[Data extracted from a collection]
<<<<
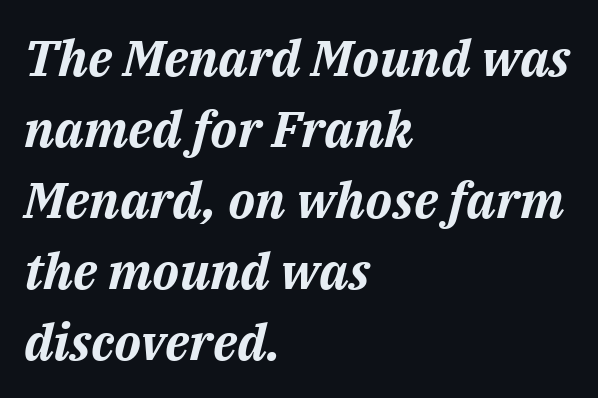
Q: Is the text bold? A: Yes.
Q: Is the text italic (slanted)? A: Yes, it leans right by about 14 degrees.
Q: Is the text underlined? A: No.
Q: How is the paragraph aligned? A: Left-aligned.
Q: Is the spacing between letters normal or unusually wide? A: Normal.
Q: Is the spacing between lines tight, normal or loose? A: Normal.
Q: Width (condensed, normal, or wide)? A: Normal.
Q: Stroke contrast? A: Medium.
Q: x-height? A: Medium.
Q: Monospaced? A: No.
>>>>
## DIRECTIONS FOR THIS TASK
What is needed is every entry above, repeated exactly, with the pictures dropped.

## ANSWER SPACE
Q: Is the text bold? A: Yes.
Q: Is the text italic (slanted)? A: Yes, it leans right by about 14 degrees.
Q: Is the text underlined? A: No.
Q: How is the paragraph aligned? A: Left-aligned.
Q: Is the spacing between letters normal or unusually wide? A: Normal.
Q: Is the spacing between lines tight, normal or loose? A: Normal.
Q: Width (condensed, normal, or wide)? A: Normal.
Q: Stroke contrast? A: Medium.
Q: x-height? A: Medium.
Q: Monospaced? A: No.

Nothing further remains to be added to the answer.